I think we can start making these changes even without support from the toolchain community — though of course I’d love them to help us out. The only thing we really can’t do without them is to change the ABI. That includes your -Bdirect linking as well as my proposed position-dependent executables without copy relocations. What I’m prepared to do is to get a set of libraries, starting with QtCore, to refuse to work unless you compile your executable with -fPIE.
Most people have complained in the comments as well as on reddit and ycombinator that my blog is lacking benchmarks. I’ll give you benchmarks soon, but I am going into this knowing that the runtime performance impact might be negligible or undetectable, but hoping that it’s measurable. I’ll also give you other benchmarks, not of run-time “time required to complete a task” but of other kinds.
Diederik van der Boor
January 19, 2012 at 14:30 UTC (UTC 0)
Wow. While I don’t feel qualified to say anything about the technical details discussed here, I do think this shouldn’t be taken lightly.

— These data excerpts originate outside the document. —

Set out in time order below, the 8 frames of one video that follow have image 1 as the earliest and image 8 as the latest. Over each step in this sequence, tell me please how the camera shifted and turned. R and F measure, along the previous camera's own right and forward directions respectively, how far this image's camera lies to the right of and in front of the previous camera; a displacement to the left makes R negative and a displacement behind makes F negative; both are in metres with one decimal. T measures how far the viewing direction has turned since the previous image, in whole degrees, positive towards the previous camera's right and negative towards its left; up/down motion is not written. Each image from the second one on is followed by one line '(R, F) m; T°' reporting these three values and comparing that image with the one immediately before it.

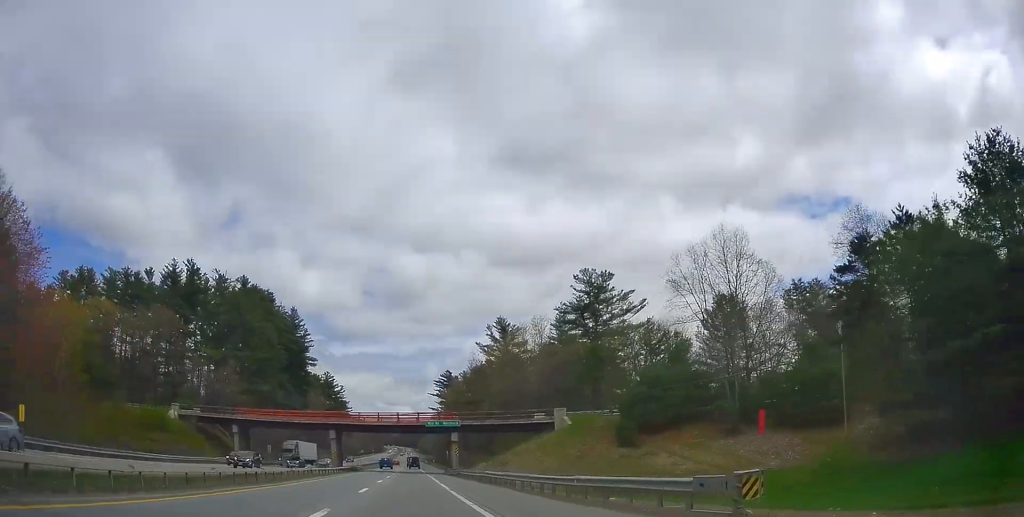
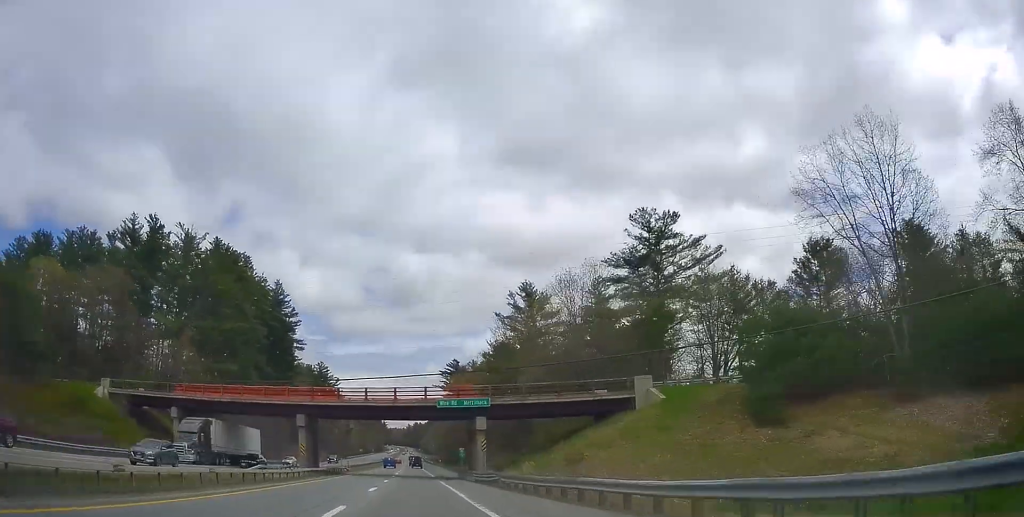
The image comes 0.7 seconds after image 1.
(-0.2, +23.8) m; -1°
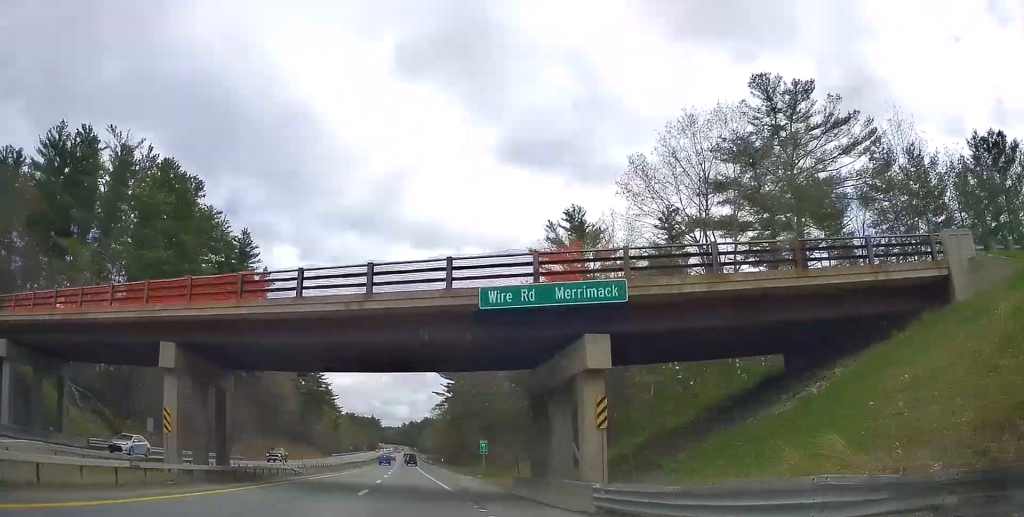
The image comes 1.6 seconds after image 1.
(-0.7, +29.2) m; -2°
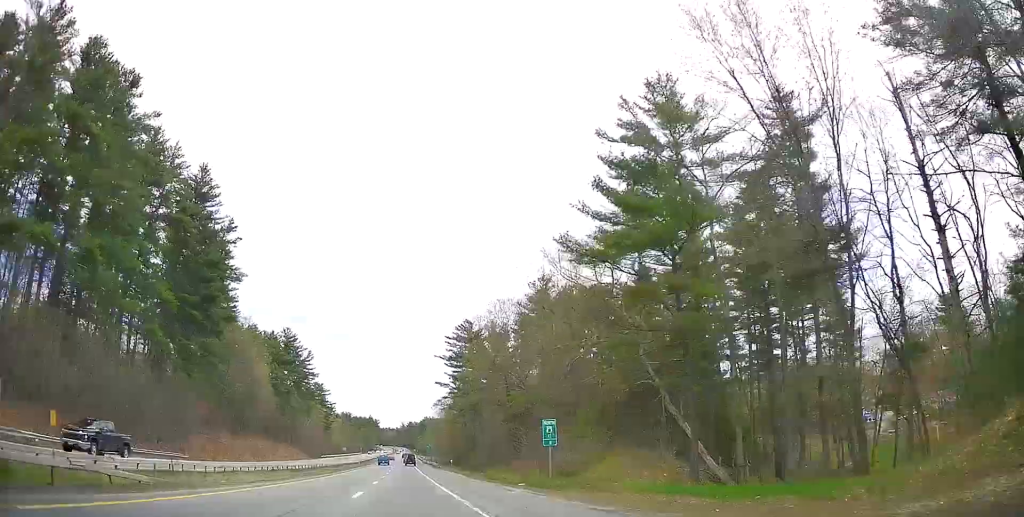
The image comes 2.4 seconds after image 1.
(+0.1, +25.7) m; -1°
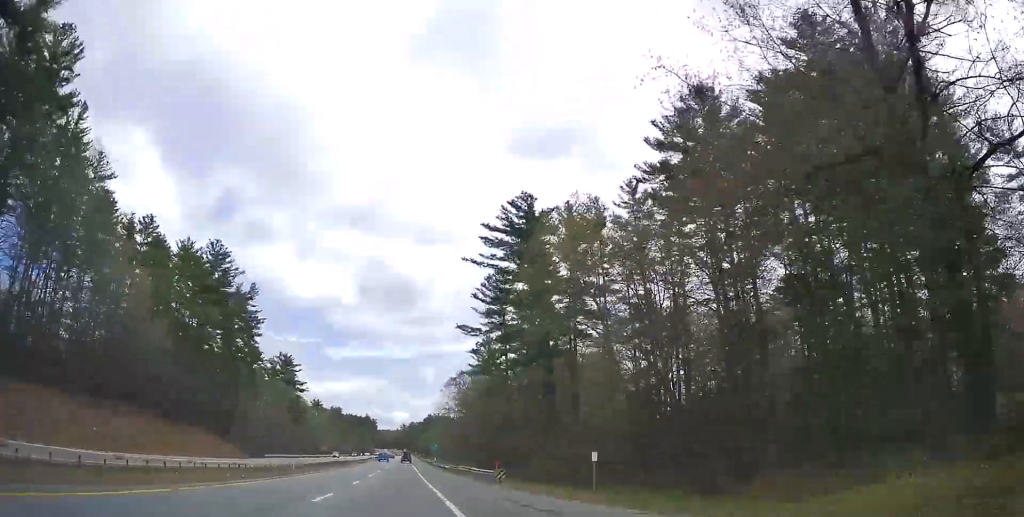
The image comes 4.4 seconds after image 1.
(0.0, +67.0) m; +1°
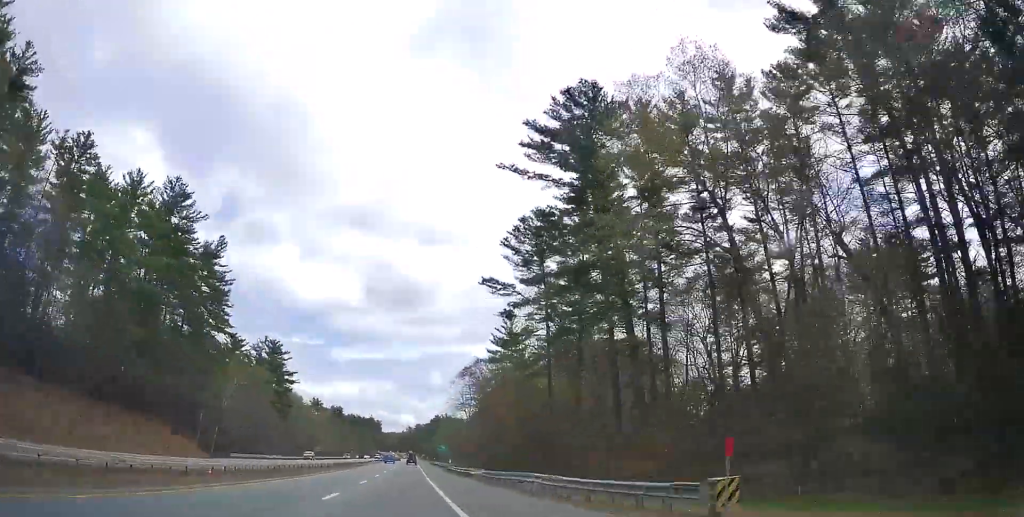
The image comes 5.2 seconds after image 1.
(-0.1, +23.7) m; 0°
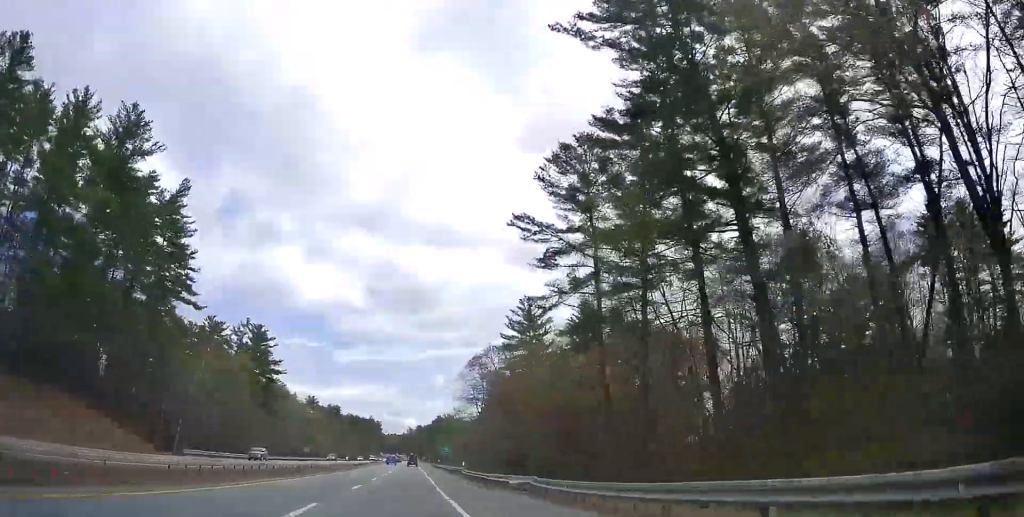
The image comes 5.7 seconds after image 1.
(0.0, +17.7) m; 0°
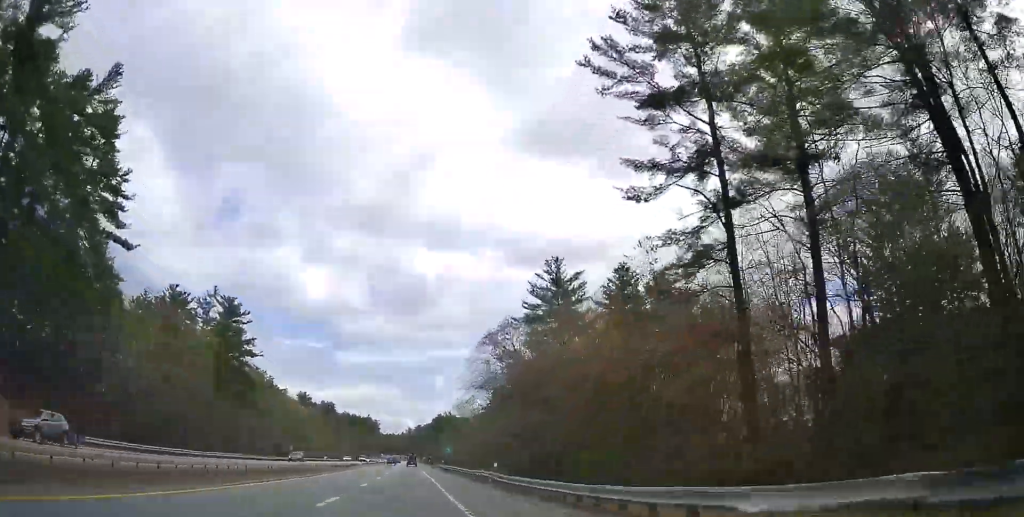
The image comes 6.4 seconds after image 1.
(0.0, +22.0) m; 0°

For all newcomers: did you ever notice how much faster Firefox or OpenOffice start up on Windows? A few years ago that was like 2x faster. There is a lot to optimize, and C++ hasn’t historically gained the attention by glibc, the linker and loader that it needs. If this step improves such situation, I’m all up for it, and I think we should persuade this.
Allan Jensen
January 19, 2012 at 18:44 UTC (UTC 0)
Pretty good blog. You have too little confidence in modern CPUs though. They will predict the destinations of double indirect calls very easily and accurately, especially when we are talking common calling conventions cases like this. The cache misses are more of a problem since both the cache-line and the entry in the TBA will take up space even when predicted correctly.
Thiago Macieira
January 19, 2012 at 21:25 UTC (UTC 0)
@Allan: As for the CPU’s capabilities, I’m very confident. In fact, the numbers show it (see the other blog). The branch misprediction ratio remained roughly constant at 1.8% through out the tests. If the CPU were getting stumped by the indirect branches, removing them should have shown a decrease in the the ratio, but didn’t. That means the CPU is doing pretty well with them there.

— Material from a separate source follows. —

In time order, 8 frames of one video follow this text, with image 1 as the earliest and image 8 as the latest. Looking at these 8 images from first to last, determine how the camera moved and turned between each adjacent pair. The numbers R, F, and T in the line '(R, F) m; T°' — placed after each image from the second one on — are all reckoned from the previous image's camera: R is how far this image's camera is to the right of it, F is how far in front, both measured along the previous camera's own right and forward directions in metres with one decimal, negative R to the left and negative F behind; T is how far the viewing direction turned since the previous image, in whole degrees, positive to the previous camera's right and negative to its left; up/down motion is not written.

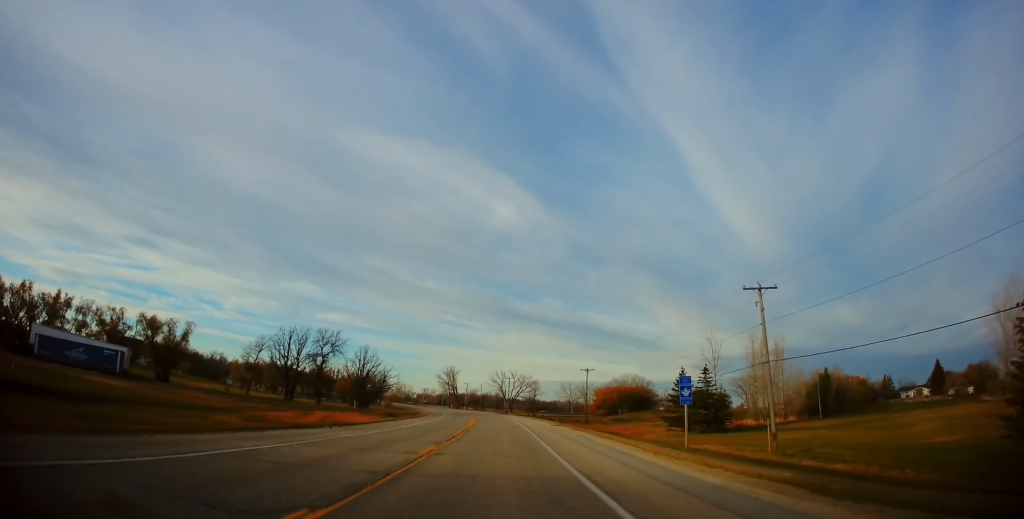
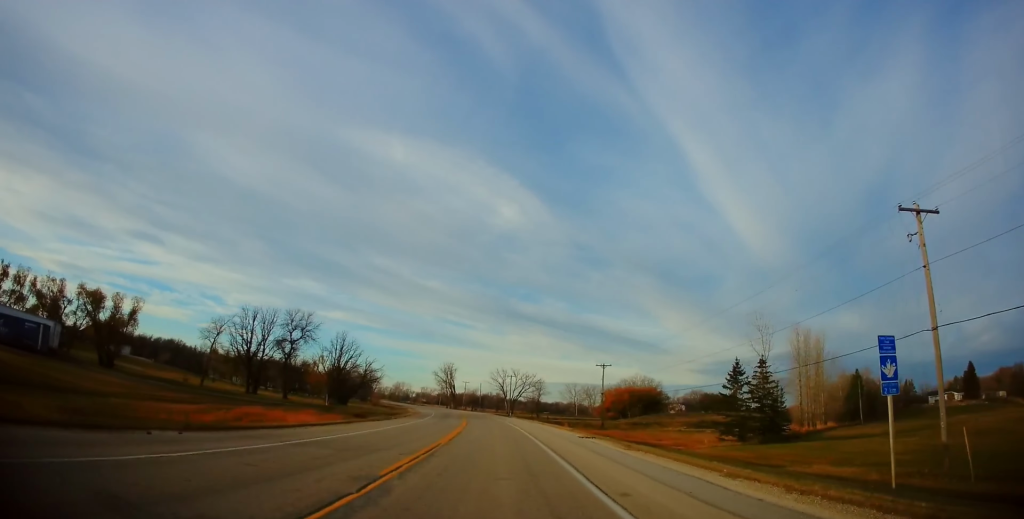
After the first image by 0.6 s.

However, consider still that the cost of a branch misprediction is still high (20 cycles), so by lowering the overall number of branches (by 5%), we get an improvement: number of mispredicted branches * 20 cycles * 5%. Note that 21% of the instructions executed are branches.
Also note that the misprediction ratio of indirect branches remained constant too, but it was at 13.2%. One in every 7.5 indirect jumps was mispredicted…
Uoti Urpala
January 30, 2012 at 11:06 UTC (UTC 0)
The part about -Bsymbolic, “Another way to do the same is to use one of two linker options”, was somewhat misleading. Currently -Bsymbolic does not give the same performance gains as using visibility attributes at compiler level, as the compiler has already created inefficient instructions (as described in the article) and the linker can not change them.